Some of the activities listed in the social media advertising, according to Borgmeyer, also created concern.
“We have some bad actors that are running some ads on social media and attracting people out for these activities,” Borgmeyer said. “That’s fine, everyone is welcome, but some of those elements have things that are highly suggestive, and in my opinion, almost illegal, and bringing the wrong type of patrons to St. Charles … We’re trying to get a handle on that, and we think stopping the nightclub activity will also stop that kind of advertising.”

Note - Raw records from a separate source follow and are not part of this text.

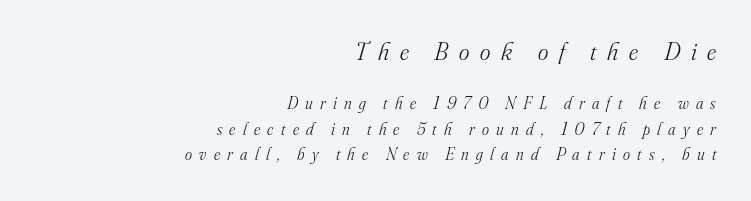
{"italic": "yes", "lean": "right", "slant_degrees": 16, "bold": "no", "underline": "no", "align": "right", "line_spacing": "normal", "line_spacing_ratio": 1.5, "letter_spacing": "wide", "letter_spacing_em": 0.43, "larger_block": "first", "size_ratio": 1.47, "glyph_px": 25}
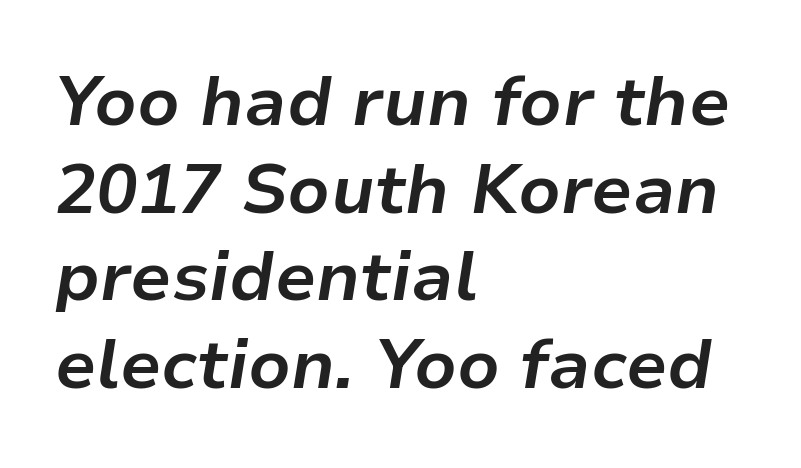
Each line starts at the same left margin while the right side varies. This sample uses plain, unmodified letter spacing. Is the type bold? Yes — the strokes are clearly thick and heavy. Character widths vary here, with narrow letters taking less room than wide ones. The space directly below the letters is spotless. Would a proofreader flag this as italicized? Yes.
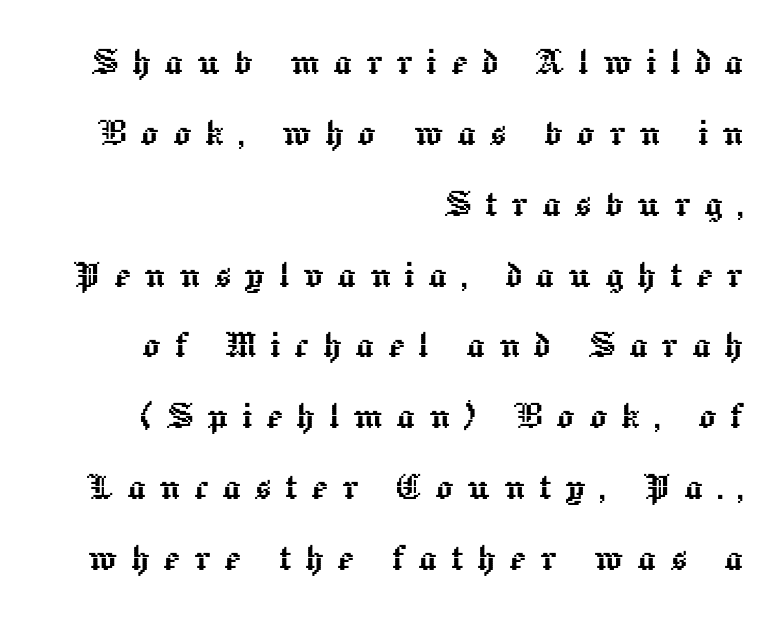
Display-style spreading of the glyphs; the letterfit is very open. Lines of text with bare space underneath. When letters stand straight like this, we call the style roman or upright. Do the characters align in a grid? No, the font is proportional.
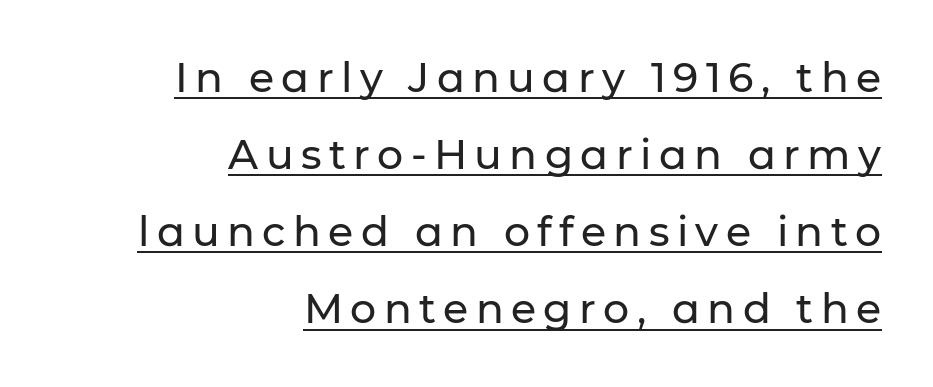
Q: Is the text italic (slanted)? A: No, it is upright.
Q: Is the typeface a serif or a sans-serif typeface? A: Sans-serif.
Q: Is the text underlined? A: Yes.
Q: How is the paragraph aligned? A: Right-aligned.
Q: Width (condensed, normal, or wide)? A: Normal.
Q: Stroke contrast? A: Low.
Q: x-height? A: Medium.
Q: Monospaced? A: No.
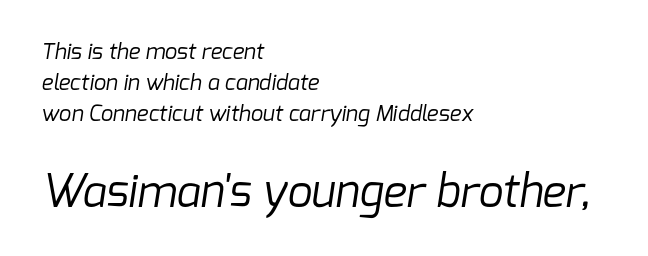
{"serif": "no", "bold": "no", "weight": "regular", "width": "normal", "stroke_contrast": "low", "x_height": "medium", "monospaced": "no", "underline": "no", "align": "left", "line_spacing": "normal", "line_spacing_ratio": 1.42, "letter_spacing": "normal", "letter_spacing_em": 0.0, "larger_block": "second", "size_ratio": 2.0, "glyph_px": 44}
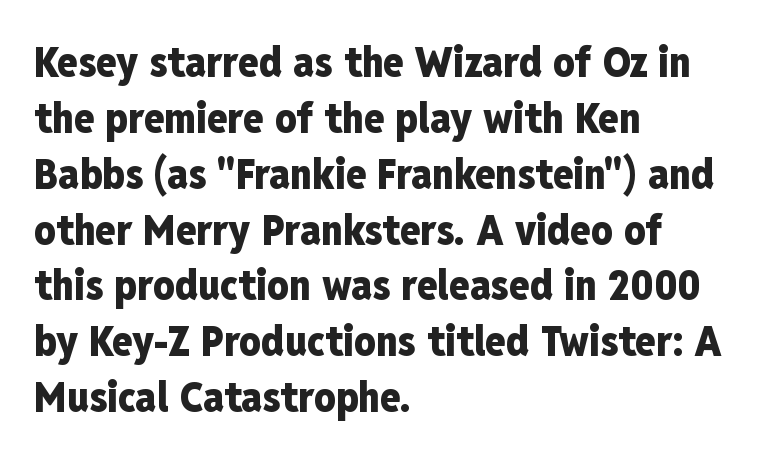
The image shows 42 px heavy, condensed sans-serif type, upright; set left-aligned, normal line spacing (1.33x), normal letter spacing, not underlined; low stroke contrast and a medium x-height.
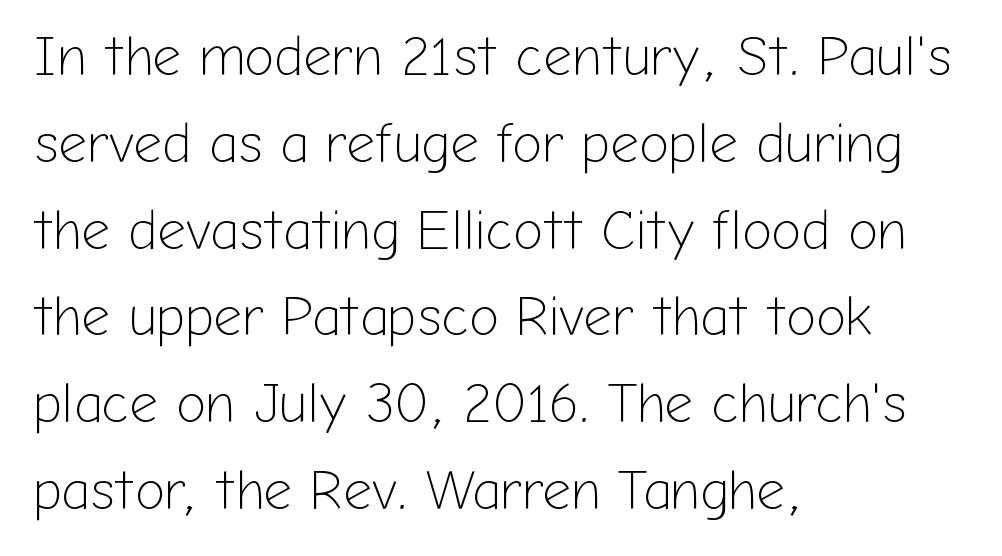
Q: Is the text bold? A: No.
Q: Is the text italic (slanted)? A: No, it is upright.
Q: Is the typeface a serif or a sans-serif typeface? A: Sans-serif.
Q: Is the text underlined? A: No.
Q: How is the paragraph aligned? A: Left-aligned.
Q: Is the spacing between letters normal or unusually wide? A: Normal.
Q: Is the spacing between lines tight, normal or loose? A: Normal.
Q: Width (condensed, normal, or wide)? A: Normal.
Q: Stroke contrast? A: Low.
Q: x-height? A: Medium.
Q: Monospaced? A: No.
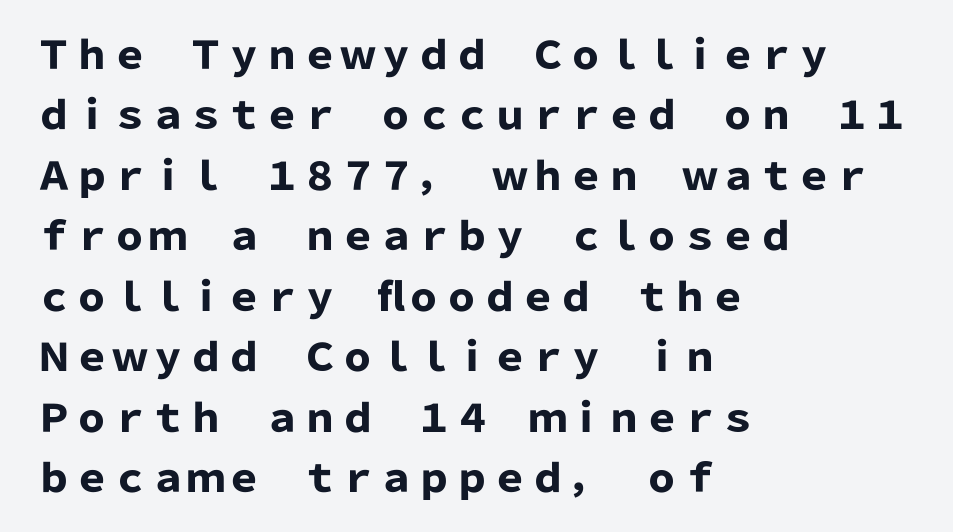
Does the copy run flush right? No — it runs flush left. A typesetter would mark this as roman, not italic. In terms of weight, the rendering is a true, heavy bold. Type style note: lacks serifs. Descender tails drop into unmarked territory. No extra tracking has been applied to these lines.

Borgmeyer noted that failure to comply with the new rules could result in the revocation of a restaurant’s liquor license. In the meantime, the city is continuing to meet monthly with both police officers and local business and restaurant owners to discuss solutions moving forward.
“I would rather everything be all calm and cool like it was before, but I’m also not going to let it get out of control,” Borgmeyer said. “No more shooting. No more gunfire. That has to stop. This is a new beginning, a new step, and I’ll continue to do more restrictive things until it stops.”